Riot streaming partner BAMTech, the tech arm of Major League Baseball Advanced Media, has been acquired by Disney. The $1.5 billion deal was announced earlier this week and is linked to Disney’s plan to move its content from Netflix to an exclusive streaming platform.
BAMTech – the creator of MLB.tv
Last December, Riot announced plans to stream its massively popular esports leagues. The plan included BAMTech and a $300 million deal. BAMTech, a powerhouse that created the popular MLB.tv, was a clear choice for the League of Legends developer.
An additional draw to the whole endeavor is that it should come with no cost to viewers.
“We first and foremost believe in making sure that the content is in places where the fans want to watch it, so that will continue to be the case,” said Riot Games’ co-head of esports, Jarred Kennedy, back in December. “We believe in making content freely available, and it will continue to be freely available into the future. We have no plans to change that.”

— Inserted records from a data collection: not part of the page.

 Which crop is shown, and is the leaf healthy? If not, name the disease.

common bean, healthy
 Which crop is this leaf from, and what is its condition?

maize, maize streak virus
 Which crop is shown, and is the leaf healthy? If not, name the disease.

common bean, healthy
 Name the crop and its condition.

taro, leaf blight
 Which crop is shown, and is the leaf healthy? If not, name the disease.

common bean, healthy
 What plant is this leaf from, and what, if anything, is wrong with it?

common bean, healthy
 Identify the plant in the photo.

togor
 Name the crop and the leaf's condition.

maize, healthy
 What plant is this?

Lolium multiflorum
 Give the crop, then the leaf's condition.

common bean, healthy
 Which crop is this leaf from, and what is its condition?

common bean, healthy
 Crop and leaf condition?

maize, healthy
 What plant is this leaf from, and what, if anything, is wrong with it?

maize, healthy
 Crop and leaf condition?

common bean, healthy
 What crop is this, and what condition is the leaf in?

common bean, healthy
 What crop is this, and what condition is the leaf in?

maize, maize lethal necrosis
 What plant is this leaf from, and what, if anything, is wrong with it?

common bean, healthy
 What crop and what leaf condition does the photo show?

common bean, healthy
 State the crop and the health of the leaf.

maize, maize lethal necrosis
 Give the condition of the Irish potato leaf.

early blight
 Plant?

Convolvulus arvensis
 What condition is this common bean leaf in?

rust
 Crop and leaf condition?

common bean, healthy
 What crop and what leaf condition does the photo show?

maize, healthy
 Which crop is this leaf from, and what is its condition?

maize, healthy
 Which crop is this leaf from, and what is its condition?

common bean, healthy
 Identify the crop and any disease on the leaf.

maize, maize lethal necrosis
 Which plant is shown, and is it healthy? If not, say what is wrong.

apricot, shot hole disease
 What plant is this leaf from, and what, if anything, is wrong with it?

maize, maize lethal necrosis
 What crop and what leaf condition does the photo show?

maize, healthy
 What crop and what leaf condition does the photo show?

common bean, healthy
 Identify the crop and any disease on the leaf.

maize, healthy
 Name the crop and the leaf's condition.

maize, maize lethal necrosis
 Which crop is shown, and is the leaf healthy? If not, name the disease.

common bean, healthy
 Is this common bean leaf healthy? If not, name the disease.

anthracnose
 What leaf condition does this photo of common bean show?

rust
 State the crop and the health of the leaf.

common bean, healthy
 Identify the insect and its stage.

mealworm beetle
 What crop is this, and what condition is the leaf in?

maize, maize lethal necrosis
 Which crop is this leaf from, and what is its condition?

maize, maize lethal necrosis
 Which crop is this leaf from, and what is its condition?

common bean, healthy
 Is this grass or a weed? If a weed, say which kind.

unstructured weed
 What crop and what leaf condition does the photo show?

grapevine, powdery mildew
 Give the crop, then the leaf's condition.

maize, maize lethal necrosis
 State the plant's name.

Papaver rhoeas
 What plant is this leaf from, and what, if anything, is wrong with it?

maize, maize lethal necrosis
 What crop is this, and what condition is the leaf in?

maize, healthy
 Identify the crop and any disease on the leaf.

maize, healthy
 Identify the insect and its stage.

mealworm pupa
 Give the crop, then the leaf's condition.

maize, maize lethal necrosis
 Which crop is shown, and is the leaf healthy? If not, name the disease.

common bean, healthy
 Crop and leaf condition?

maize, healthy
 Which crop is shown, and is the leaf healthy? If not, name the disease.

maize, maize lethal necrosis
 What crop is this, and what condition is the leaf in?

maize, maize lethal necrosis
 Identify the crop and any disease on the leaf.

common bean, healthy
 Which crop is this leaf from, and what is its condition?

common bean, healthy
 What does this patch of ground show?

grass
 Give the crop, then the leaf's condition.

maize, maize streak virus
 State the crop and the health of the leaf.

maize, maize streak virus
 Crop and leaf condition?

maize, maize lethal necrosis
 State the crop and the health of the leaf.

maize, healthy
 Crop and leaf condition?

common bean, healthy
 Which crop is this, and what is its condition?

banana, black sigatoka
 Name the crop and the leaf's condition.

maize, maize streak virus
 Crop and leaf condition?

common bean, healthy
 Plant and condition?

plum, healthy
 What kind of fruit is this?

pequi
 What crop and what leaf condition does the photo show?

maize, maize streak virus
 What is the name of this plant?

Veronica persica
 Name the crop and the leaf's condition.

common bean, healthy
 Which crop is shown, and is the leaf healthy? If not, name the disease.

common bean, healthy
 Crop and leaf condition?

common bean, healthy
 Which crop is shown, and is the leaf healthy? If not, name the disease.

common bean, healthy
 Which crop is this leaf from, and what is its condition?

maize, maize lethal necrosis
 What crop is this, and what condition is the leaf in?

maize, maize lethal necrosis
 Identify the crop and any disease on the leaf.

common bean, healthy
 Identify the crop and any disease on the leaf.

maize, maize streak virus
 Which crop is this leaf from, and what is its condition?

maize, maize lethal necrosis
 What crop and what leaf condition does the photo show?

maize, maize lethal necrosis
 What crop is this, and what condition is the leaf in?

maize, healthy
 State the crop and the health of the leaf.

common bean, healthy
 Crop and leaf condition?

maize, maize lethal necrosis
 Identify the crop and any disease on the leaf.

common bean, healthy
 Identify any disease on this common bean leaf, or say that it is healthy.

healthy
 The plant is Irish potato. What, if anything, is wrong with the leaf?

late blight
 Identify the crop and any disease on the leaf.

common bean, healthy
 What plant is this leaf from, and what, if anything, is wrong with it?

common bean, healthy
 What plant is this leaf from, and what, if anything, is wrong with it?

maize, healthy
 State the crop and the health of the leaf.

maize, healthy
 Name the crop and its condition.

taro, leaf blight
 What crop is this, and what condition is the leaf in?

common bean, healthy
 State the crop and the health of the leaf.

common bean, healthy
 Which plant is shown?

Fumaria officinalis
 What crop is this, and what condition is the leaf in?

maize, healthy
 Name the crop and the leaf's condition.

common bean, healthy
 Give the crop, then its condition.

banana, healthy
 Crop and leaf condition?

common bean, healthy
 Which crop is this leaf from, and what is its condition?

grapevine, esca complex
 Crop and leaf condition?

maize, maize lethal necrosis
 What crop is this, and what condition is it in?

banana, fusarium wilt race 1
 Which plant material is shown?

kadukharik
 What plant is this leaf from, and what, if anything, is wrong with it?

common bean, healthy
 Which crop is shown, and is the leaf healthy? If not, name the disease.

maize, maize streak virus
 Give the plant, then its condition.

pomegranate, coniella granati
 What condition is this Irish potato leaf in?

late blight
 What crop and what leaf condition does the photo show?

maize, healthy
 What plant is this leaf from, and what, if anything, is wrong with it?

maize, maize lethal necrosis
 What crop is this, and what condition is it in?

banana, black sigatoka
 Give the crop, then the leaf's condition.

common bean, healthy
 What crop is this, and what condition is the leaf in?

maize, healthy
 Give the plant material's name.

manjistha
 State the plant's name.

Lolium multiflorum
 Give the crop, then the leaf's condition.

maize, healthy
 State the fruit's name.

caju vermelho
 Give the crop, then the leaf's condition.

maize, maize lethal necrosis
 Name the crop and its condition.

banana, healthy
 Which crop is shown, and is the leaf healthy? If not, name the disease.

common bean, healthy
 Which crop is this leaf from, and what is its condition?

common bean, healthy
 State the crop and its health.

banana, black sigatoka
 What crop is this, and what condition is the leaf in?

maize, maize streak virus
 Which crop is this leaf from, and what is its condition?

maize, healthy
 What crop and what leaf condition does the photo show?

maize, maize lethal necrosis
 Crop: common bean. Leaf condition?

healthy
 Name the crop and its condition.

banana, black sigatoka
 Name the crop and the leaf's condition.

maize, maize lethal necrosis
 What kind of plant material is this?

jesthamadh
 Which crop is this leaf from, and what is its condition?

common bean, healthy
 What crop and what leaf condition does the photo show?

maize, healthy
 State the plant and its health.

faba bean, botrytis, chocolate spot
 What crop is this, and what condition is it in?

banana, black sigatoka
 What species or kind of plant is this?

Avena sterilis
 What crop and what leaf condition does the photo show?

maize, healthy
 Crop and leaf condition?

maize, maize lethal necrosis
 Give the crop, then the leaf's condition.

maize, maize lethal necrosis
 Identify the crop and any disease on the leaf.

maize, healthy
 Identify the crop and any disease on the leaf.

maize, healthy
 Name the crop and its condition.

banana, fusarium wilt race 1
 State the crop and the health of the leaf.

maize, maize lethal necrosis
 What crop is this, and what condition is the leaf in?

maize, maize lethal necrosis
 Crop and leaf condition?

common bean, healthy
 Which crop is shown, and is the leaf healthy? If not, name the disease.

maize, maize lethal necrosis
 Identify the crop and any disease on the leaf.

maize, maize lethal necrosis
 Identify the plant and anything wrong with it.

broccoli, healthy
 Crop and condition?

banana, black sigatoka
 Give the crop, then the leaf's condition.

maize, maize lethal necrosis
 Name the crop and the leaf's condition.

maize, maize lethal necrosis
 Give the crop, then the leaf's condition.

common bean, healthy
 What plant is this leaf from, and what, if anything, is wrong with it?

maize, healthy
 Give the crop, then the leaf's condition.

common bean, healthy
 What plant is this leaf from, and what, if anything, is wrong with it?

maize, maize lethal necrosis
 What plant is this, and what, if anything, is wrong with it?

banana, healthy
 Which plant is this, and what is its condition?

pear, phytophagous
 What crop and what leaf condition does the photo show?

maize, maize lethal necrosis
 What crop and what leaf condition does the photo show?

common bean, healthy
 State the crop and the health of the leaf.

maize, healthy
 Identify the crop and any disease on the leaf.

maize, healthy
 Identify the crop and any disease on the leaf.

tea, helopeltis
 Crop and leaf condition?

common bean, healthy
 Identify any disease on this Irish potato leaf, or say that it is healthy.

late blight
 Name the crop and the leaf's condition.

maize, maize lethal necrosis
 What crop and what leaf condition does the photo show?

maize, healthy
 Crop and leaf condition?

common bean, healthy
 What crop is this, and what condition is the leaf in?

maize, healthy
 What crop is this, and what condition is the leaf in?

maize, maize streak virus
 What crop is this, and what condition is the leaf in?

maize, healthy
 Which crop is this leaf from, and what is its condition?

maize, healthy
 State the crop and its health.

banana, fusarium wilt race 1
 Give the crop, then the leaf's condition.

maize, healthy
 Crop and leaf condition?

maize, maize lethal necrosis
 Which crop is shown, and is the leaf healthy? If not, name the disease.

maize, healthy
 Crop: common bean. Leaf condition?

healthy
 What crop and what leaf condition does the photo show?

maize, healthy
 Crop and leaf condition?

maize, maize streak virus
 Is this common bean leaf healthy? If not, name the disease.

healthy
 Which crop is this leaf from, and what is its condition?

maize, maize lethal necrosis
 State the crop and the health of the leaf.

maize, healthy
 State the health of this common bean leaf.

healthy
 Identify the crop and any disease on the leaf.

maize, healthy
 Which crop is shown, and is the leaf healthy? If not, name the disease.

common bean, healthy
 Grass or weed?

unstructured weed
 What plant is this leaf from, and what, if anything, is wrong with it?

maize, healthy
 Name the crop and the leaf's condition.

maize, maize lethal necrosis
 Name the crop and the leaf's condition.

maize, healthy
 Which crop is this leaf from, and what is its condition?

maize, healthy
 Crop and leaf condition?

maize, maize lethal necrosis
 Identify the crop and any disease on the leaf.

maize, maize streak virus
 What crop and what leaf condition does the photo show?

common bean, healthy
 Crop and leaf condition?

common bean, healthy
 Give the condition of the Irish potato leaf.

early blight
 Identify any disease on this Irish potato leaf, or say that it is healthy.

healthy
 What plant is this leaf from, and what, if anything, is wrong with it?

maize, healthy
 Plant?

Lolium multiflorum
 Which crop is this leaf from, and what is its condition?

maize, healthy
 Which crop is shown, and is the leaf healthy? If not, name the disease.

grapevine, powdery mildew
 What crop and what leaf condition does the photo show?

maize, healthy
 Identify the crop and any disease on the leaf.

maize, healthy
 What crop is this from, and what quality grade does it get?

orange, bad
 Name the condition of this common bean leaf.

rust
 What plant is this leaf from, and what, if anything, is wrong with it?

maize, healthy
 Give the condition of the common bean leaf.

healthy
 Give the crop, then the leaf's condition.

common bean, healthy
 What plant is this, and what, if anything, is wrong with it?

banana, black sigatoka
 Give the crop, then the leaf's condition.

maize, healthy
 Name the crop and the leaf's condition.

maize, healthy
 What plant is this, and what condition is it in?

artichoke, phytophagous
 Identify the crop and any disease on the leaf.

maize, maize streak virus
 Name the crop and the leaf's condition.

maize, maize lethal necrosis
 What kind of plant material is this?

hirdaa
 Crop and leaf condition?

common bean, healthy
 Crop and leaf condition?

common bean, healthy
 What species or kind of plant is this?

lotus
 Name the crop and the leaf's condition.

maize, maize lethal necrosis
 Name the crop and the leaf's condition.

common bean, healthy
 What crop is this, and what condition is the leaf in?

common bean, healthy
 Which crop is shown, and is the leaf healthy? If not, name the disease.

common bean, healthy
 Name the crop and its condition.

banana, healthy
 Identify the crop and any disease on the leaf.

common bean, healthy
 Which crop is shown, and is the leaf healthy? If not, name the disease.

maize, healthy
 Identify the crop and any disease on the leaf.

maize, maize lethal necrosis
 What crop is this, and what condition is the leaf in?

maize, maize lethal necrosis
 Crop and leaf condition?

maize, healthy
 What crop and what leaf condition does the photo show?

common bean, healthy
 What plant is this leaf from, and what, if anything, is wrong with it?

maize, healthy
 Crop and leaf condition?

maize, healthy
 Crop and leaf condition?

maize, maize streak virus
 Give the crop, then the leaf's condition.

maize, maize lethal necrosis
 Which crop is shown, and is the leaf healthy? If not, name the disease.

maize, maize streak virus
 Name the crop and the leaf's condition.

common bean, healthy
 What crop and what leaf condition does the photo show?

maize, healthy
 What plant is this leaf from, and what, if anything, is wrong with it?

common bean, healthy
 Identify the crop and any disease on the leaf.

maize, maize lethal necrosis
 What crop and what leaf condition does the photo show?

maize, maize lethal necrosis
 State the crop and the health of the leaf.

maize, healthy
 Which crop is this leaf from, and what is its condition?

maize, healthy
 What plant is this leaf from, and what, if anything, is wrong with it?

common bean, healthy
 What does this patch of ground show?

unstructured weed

For now, streaming platforms in esports have foregone paid subscription models. But whether Disney’s business model will be in line with this strategy is yet to be seen.
Moreover, Riot’s existing partnership with BAMTech could be altered if Disney decides to go down a different path. Whatever comes of it, the media giant surely won’t ignore the positive viewership trend in the esports industry.
Disney moving to its own platform
After 2019, Disney will not offer any new content on Netflix. Instead, the film studio plans to move its content to an exclusive platform. For this reason, the company acquired a majority stake in BAMTech in the amount of $1.5 billion.
“Today we announced a strategic shift in the way we distribute our content,” said Disney Chairman Robert A. Iger in a statement. “The media landscape is increasingly defined by direct relationships between content creators and consumers.”
Following flat revenue growth and a nine percent decline in profits for the most recent quarter, Disney sees the need to shift. The company recorded a 23 percent drop in cable revenue, which, according to a conference call, mainly came from higher programming costs, lower advertising revenue, and severance and contract termination costs.
A major share of the slide was attributable to ESPN, which is owned by Disney. The channel has been seeing customers drop their cable service for rival streaming services. This is another reason why investing in BAMTech could prove to be an excellent move.
According to industry experts, the BAMTech acquisition can help get ESPN back on track when it comes to sports broadcasting in the internet age.
Disney and esports
The recent BAMTech purchase isn’t directly linked to Disney dipping a toe into esports waters. That said, the company did launch an esports vertical last year. Since then, an increasing amount of esports content has made its way to mainstream TV.
On top of that, Disney recently partnered with ESL, one of the foundational organizations in esports.